Here are some astounding numbers: According to ParentFurther.com, less than 50% of teenagers in their survey said that their own families had clear, defined boundaries for behavior, activities, socialization, etc. These teenagers said they had no clear rules or consequences in their own families.
OK, let’s look at the numbers. There are approximately 21.5 million teenagers in the U.S. between the ages of fifteen and nineteen. That means there are about 10 million teenagers being brought up in this country who do not have a clear set of rules or a clear understanding of the consequences of their own actions. That is frightening.
Behavior, consequences, and the troubled teenager
Teenagers are very eager to take charge of their own lives and destinies. Because they have no real life experience, they don’t usually know the right way to go about doing this. Most teenagers become defiant teenagers because they just want some sort of control in their lives. Defying authority is a natural response to this need to find their own way, to be independent.
That’s all well and good until that defiance turns into open rebellion. This open rebellion can cause pain and turmoil in even the strongest families. So it’s important that these defiant teenagers learn that there are going to be consequences, sometimes serious consequences to their rebellious behavior.
The need for discipline in the lives of defiant teenagers
When defiant teenagers act out and begin getting into areas of behavior that can affect or even hurt others, they need to be aware of those sometimes serious consequences. This is were parents have the toughest time with most teenagers, especially a troubled teenager. It’s time to step up parents and begin to discipline your teens.

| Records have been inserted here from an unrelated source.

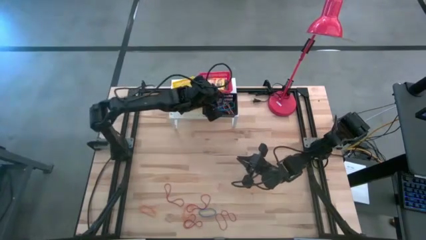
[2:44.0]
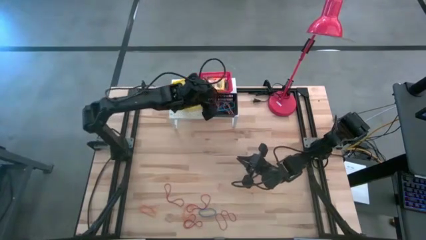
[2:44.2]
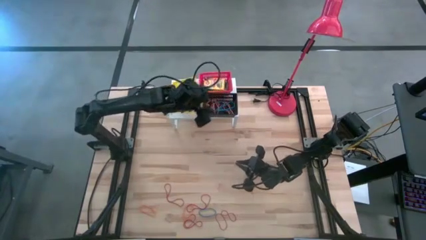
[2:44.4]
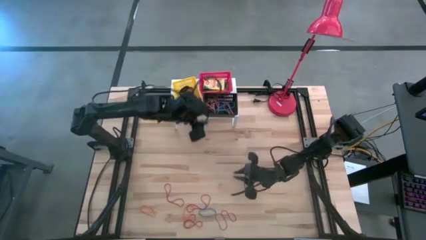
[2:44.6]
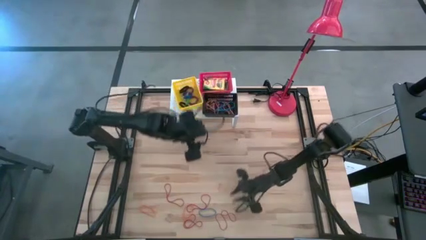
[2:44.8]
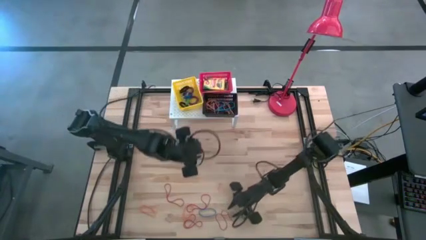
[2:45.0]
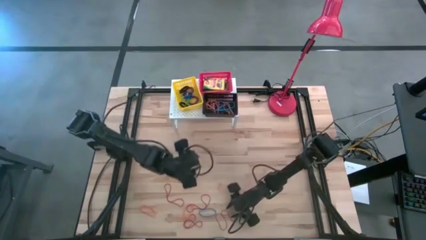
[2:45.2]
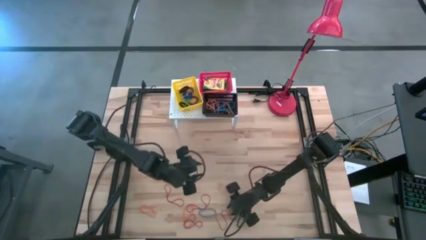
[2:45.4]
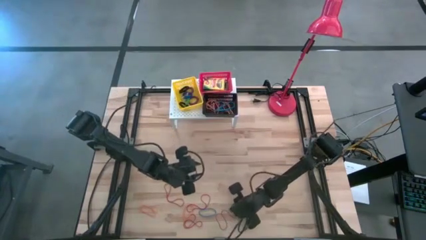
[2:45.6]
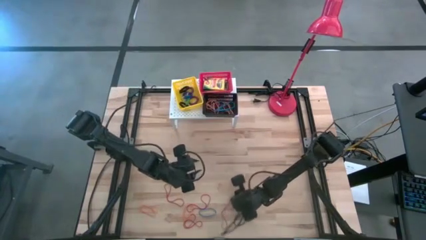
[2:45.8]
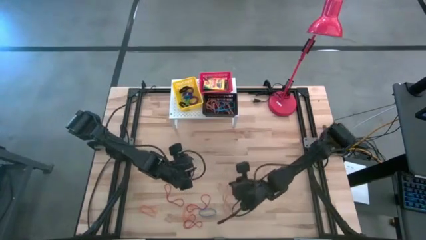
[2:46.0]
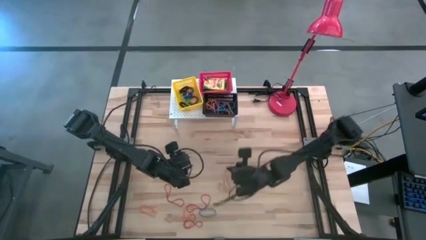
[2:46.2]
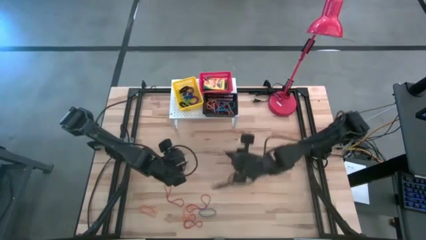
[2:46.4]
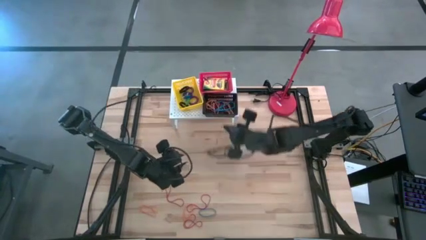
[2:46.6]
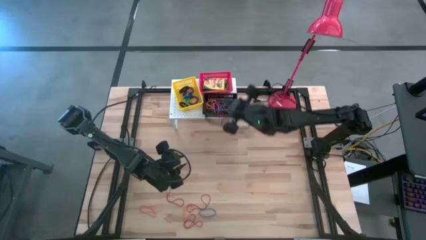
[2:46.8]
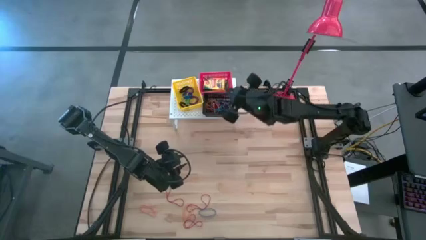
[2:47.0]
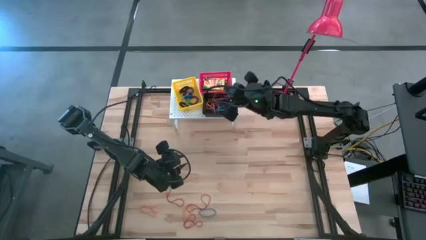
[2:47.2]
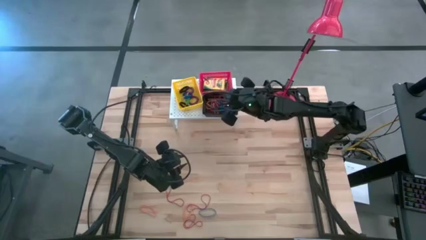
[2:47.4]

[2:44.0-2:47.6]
Task: Pick & Place Office Desk Supplies
Put the red rubber band into the black bin on the shelf

Discipline is not a dirty word. The actual definition is the practice of training people to stick to a code of behavior. You know, the very glue that holds society together. It’s certain behaviors that keep people from writing bad checks, beating their kids, or not committing a crime. Behaviors are taught by parents to their kids. Parents need to teach their kids that certain things are wrong or hurtful, and that there are consequences when teens engage in wrong behavior or behavior that is hurtful to others.

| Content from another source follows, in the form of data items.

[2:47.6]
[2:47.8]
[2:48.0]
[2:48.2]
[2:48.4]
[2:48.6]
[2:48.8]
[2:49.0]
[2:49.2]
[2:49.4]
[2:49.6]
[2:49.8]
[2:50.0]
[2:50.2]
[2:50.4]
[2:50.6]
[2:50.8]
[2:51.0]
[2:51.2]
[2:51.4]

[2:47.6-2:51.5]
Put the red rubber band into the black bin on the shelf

The time to discipline defiant teenagers is now
Your kids need boundaries because it is their nature, as teenagers, to find their own boundaries. When parents don’t teach boundaries to their kids, society as a whole ends up suffering the consequences of the bad behavior which will inevitably be the result. Yes, teenagers need to learn to be independent, but they also need to learn the boundaries.
It’s important to know that parents need to have their own acts together before ever attempting to help their own kids. If you, as a parent, have something that needs to be addressed, some behavior that needs to be changed, then by all means, do it now. Get the help you need, fix the problem you have, and then help your kids with boundaries.
10 million teenagers are relying on their own lack of real life experience to make real life decisions that have real life, life-long consequences. How many more school shootings will have to take place before we as parents realize how important these matters are. Teens need their parents and families to help them navigate through these very challenging times.